JAKARTA – Kinerja industri Bank Perkreditan Rakyat (BPR) dan Bank Pembiayaan Rakyat Syariah (BPRS) hingga akhir Juni 2025, tercatat melambat dibandingkan tahun sebelumnya.
Otoritas Jasa Keuangan (OJK) dalam keterangannya menyebutkan bahwa salah satu penyebabnya adalah ‘scarring effect’ atau dampak berkepanjangan dari pandemi Covid-19.
Namun demikian, dijelaskan Kepala Eksekutif Pengawas Perbankan OJK, Dian Ediana Rei, meski terjadi perlambatan, pertumbuhan industri ini masih ditopang oleh kenaikan aset, penyaluran kredit, dan Dana Pihak Ketiga (DPK).
Fungsi intermediasi dan likuiditas BPR/BPRS pun tetap stabil, dengan rasio permodalan yang masih di atas ambang batas ketentuan.
“Luka lama dari pandemi masih berdampak pada nasabah perorangan atau UMKM di daerah yang menjadi target pasar BPR dan BPRS,” ucap Dian.
Prospek Positif & Tantangan Kualitas Pembiayaan
OJK tetap optimis dengan prospek BPR/BPRS di masa depan. OJK berkomitmen untuk terus memperkuat industri ini sesuai amanat Undang-undang Pengembangan dan Penguatan Sektor Keuangan (UU P2SK). Langkah ini bertujuan untuk meningkatkan kualitas manajemen risiko, kepatuhan, dan tata kelola BPR/BPRS.

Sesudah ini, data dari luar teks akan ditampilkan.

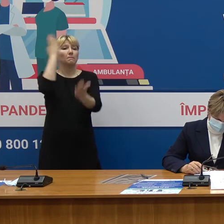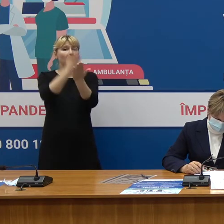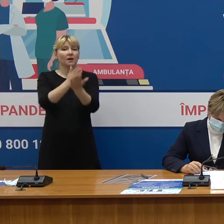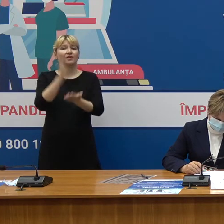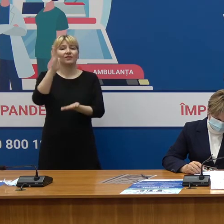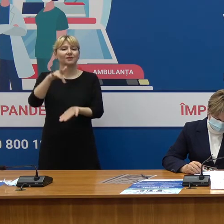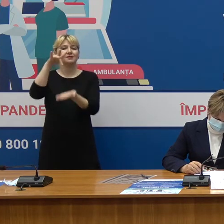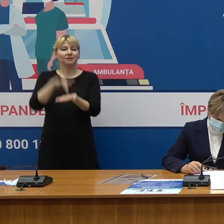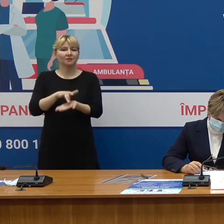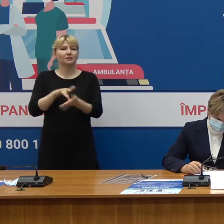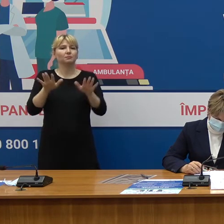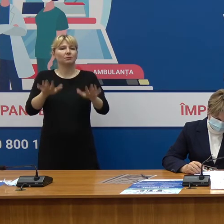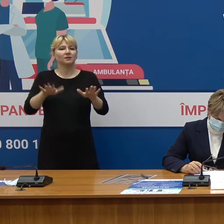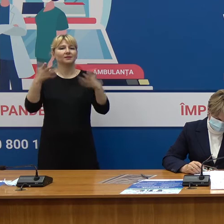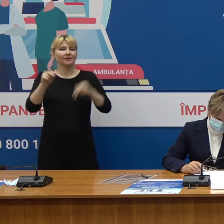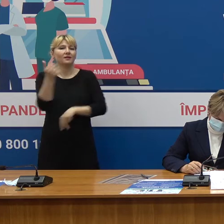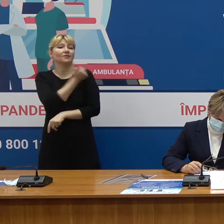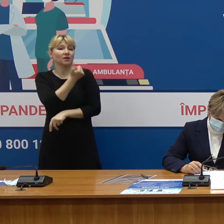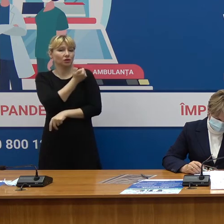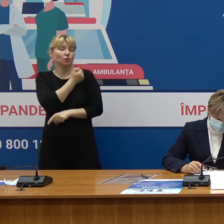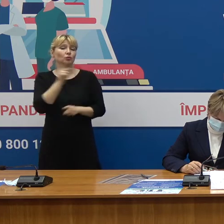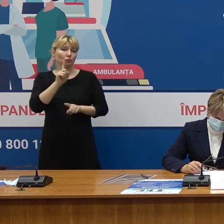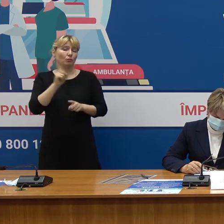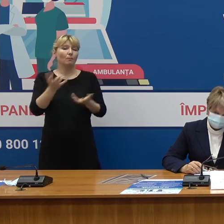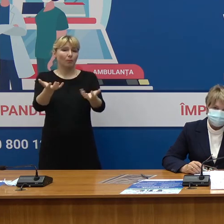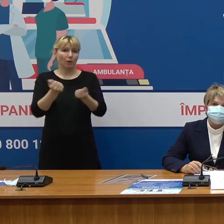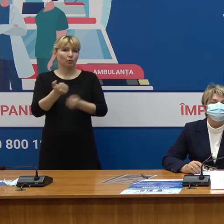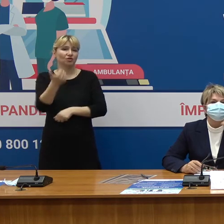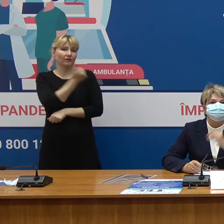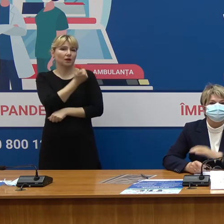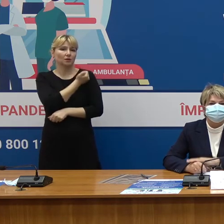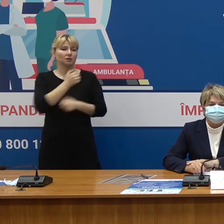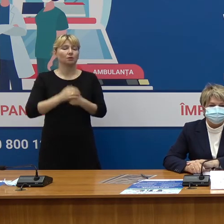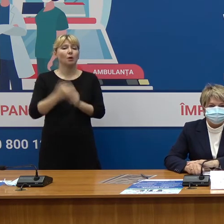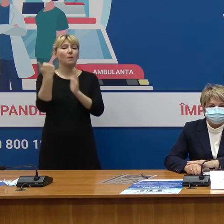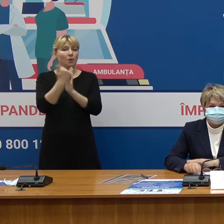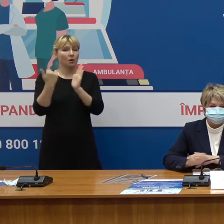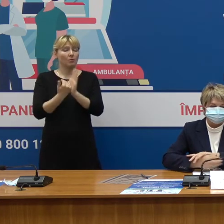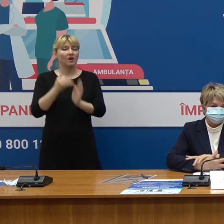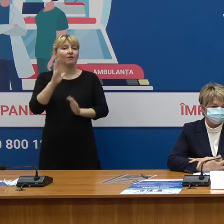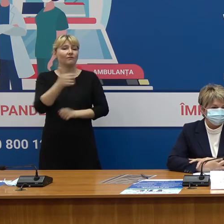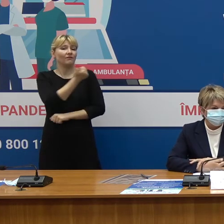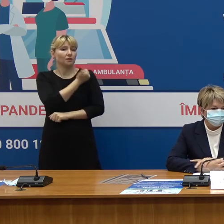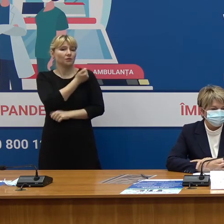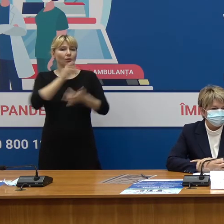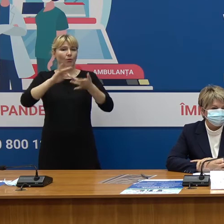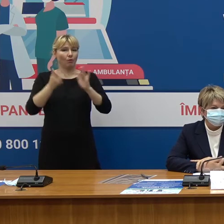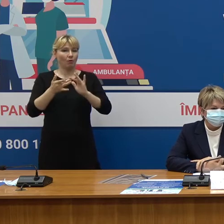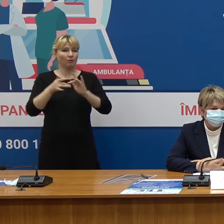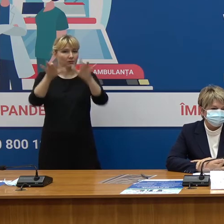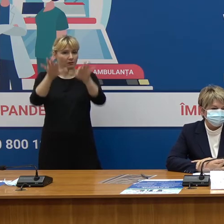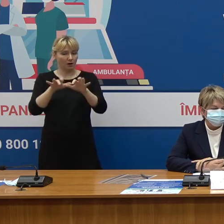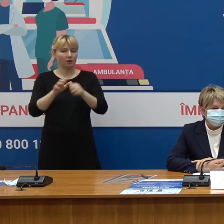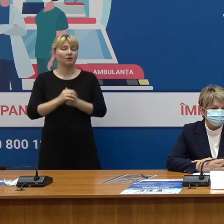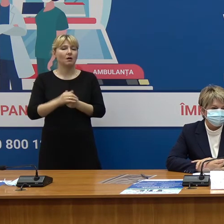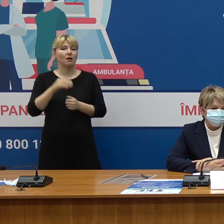centrul de vaccinare pentru a fi vaccinat. Programarea la vaccinare online se face pe
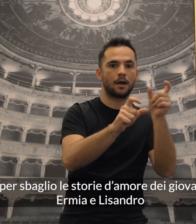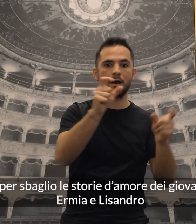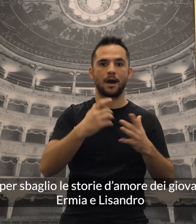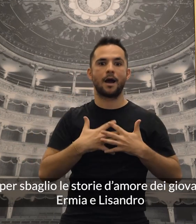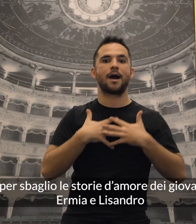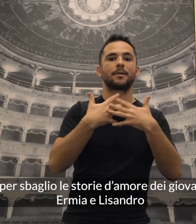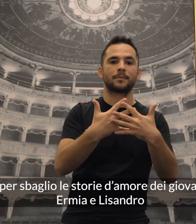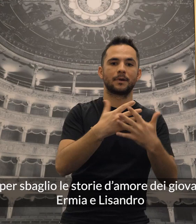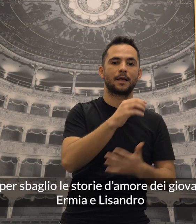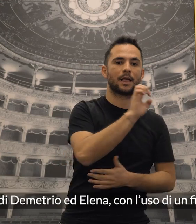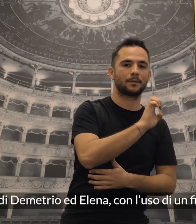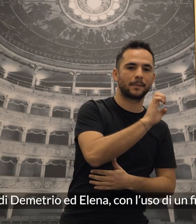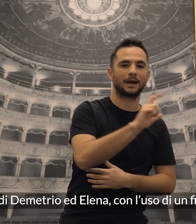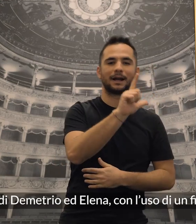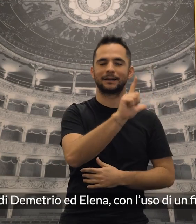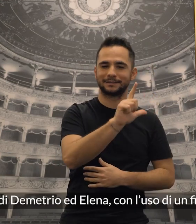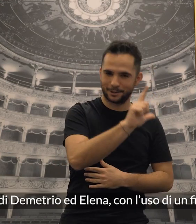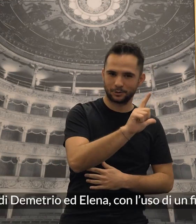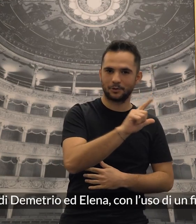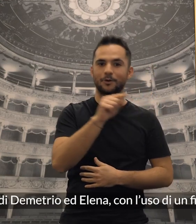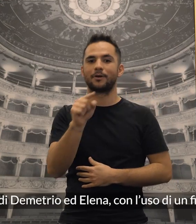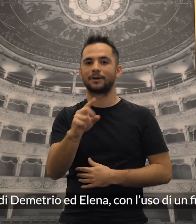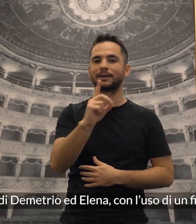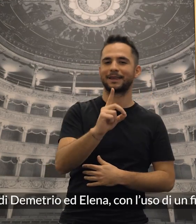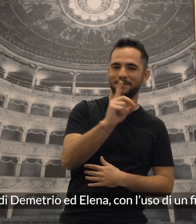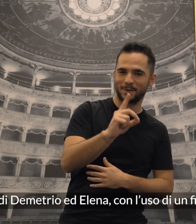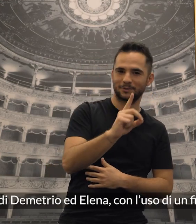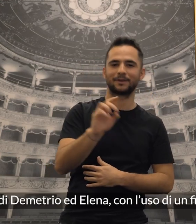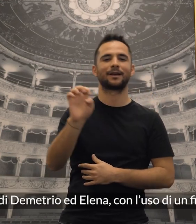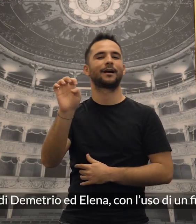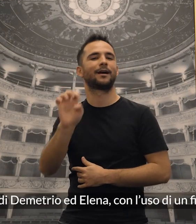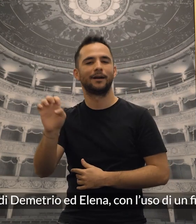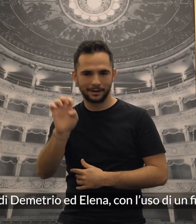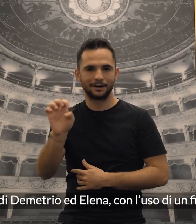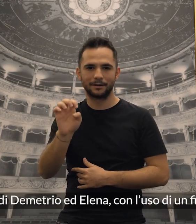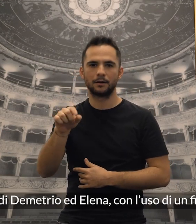Ermia e Elisandro, con quelle di Demetrio ed Elena, con l'uso di un filtro magico.

Namun, beberapa tantangan juga terlihat dari data perbankan syariah Juni 2025:
Rasio Kecukupan Modal (CAR): BPRS mencatat rasio CAR sebesar 20,53%. Angka ini sebenarnya kuat, namun mengalami penurunan 23,10% secara tahunan (year-on-year). Rasio CAR yang tinggi menunjukkan kemampuan bank menahan kerugian dan melindungi dana nasabah.
Likuiditas: Rasio pembiayaan terhadap dana pihak ketiga (Financing to Deposit Ratio/FDR) BPRS tercatat sebesar 115,78%, turun dari 117,58% tahun lalu. Ini menunjukkan tingkat likuiditas yang masih tinggi.
Kualitas Pembiayaan: Ini menjadi tantangan utama. Rasio pembiayaan bermasalah atau Non-Performing Financing (NPF) BPRS berada di level 10,36%, lebih tinggi dibandingkan 8,23% pada periode yang sama tahun sebelumnya. Kenaikan NPF ini mengindikasikan adanya masalah dalam pengembalian pinjaman.
Rentabilitas: Di sisi lain, BPRS masih mencatatkan rentabilitas yang positif. Hal ini terlihat dari rasio pengembalian aset atau Return on Assets (ROA) yang naik menjadi 1,60% dari 1,54% tahun sebelumnya.
Secara keseluruhan, meskipun dihadapkan pada pengetatan likuiditas dan kualitas pembiayaan yang menurun, tingkat permodalan BPRS tetap kuat.